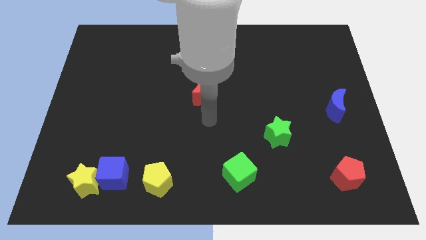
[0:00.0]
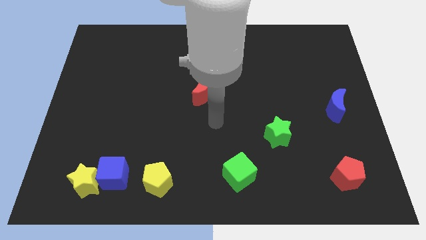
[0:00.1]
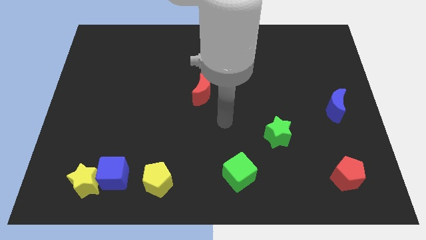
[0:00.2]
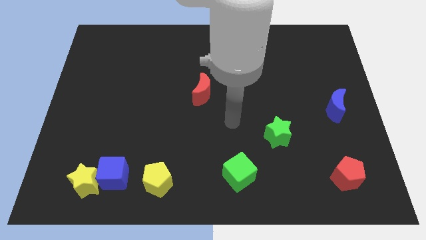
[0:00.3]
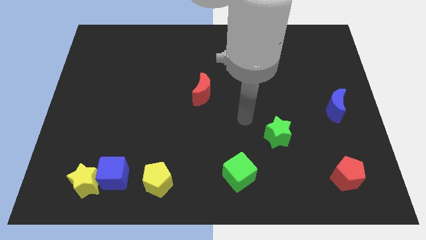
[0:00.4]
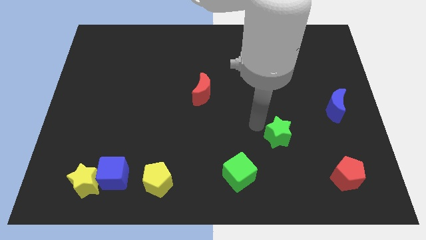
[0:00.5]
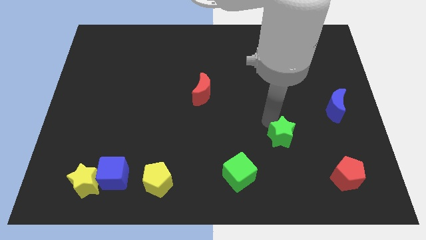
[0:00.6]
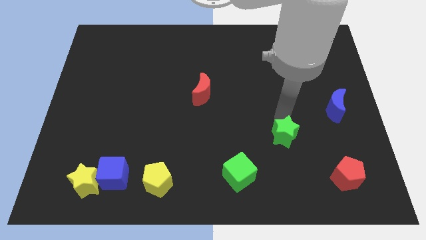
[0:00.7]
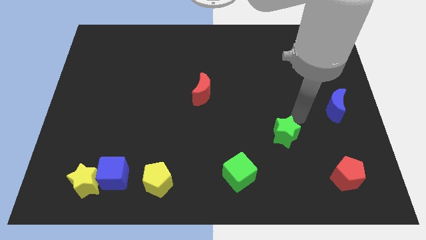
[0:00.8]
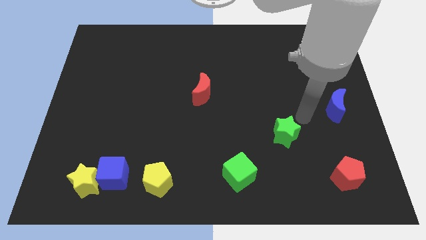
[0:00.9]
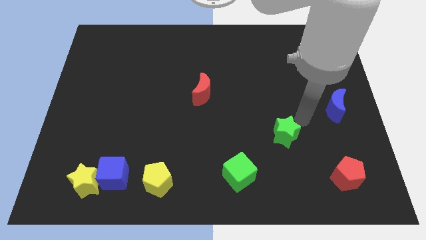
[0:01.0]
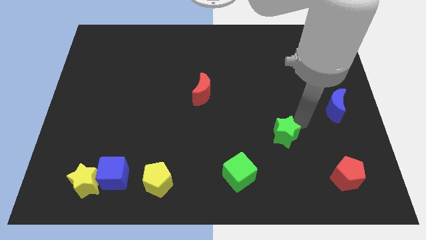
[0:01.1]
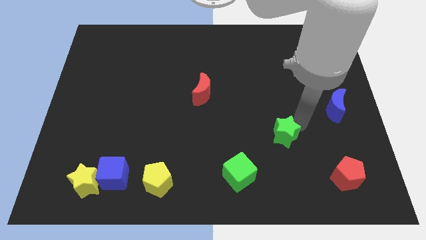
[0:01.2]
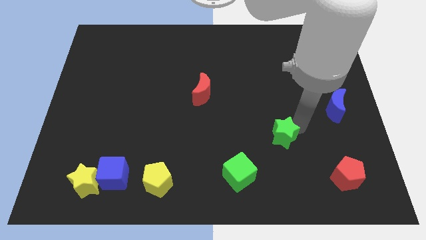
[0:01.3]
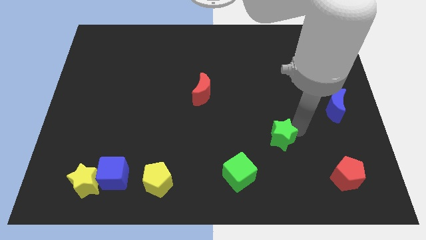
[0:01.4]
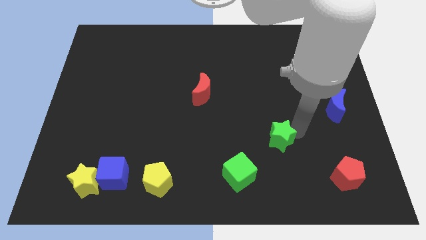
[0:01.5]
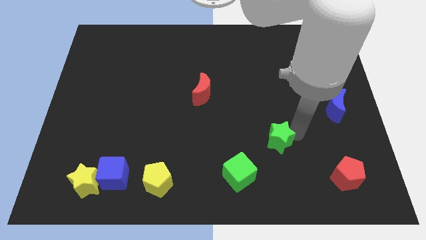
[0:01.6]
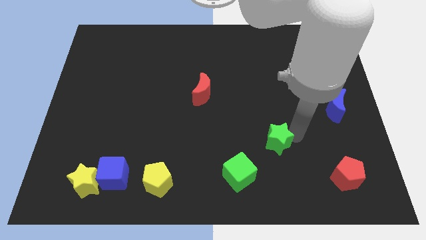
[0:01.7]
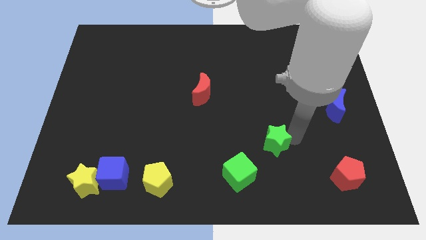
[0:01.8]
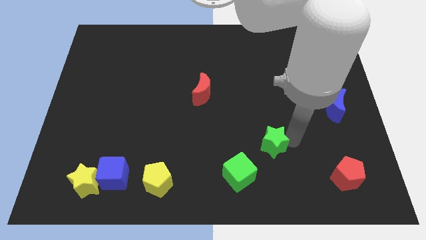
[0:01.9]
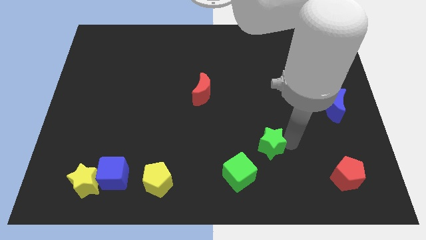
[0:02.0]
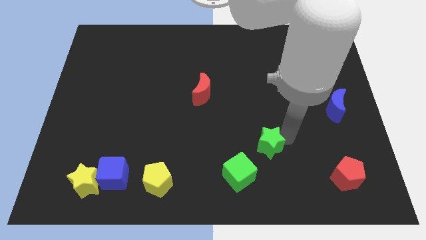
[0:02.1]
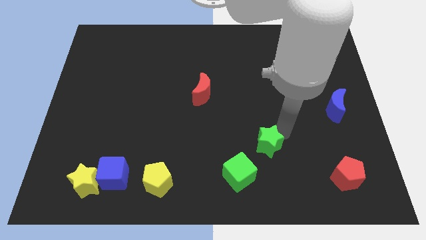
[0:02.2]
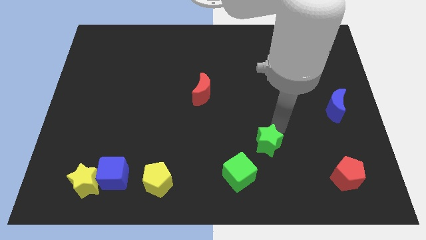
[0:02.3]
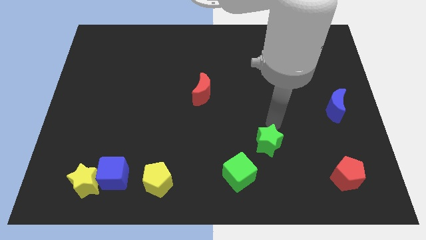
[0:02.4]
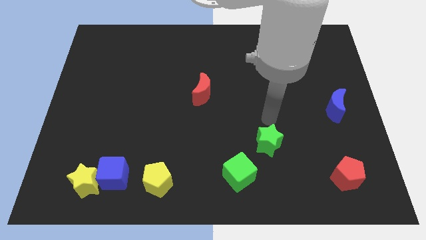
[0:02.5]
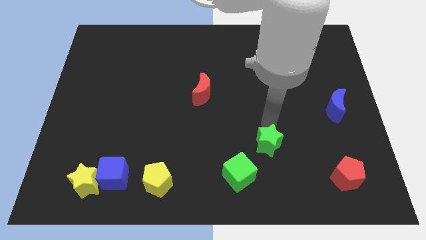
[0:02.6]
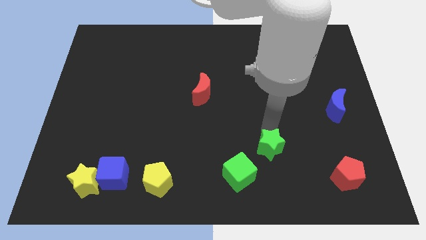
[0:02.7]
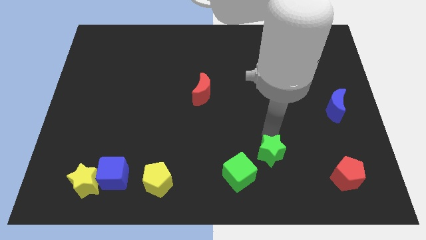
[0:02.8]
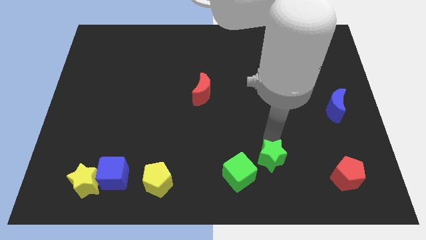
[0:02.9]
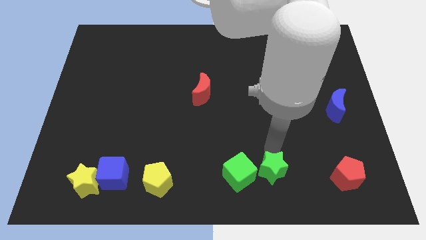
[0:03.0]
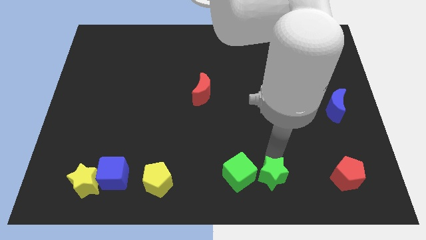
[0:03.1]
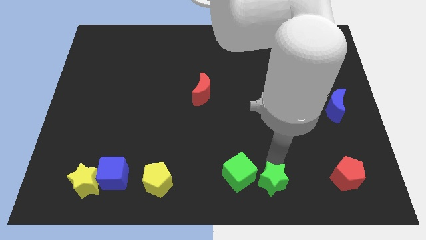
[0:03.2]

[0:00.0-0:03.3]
put the green star to the bottom

####################

» Brief: The expected result is the complete listing above, printed exactly, with no pictures.

» Output:
[0:00.0]
[0:00.1]
[0:00.2]
[0:00.3]
[0:00.4]
[0:00.5]
[0:00.6]
[0:00.7]
[0:00.8]
[0:00.9]
[0:01.0]
[0:01.1]
[0:01.2]
[0:01.3]
[0:01.4]
[0:01.5]
[0:01.6]
[0:01.7]
[0:01.8]
[0:01.9]
[0:02.0]
[0:02.1]
[0:02.2]
[0:02.3]
[0:02.4]
[0:02.5]
[0:02.6]
[0:02.7]
[0:02.8]
[0:02.9]
[0:03.0]
[0:03.1]
[0:03.2]

[0:00.0-0:03.3]
put the green star to the bottom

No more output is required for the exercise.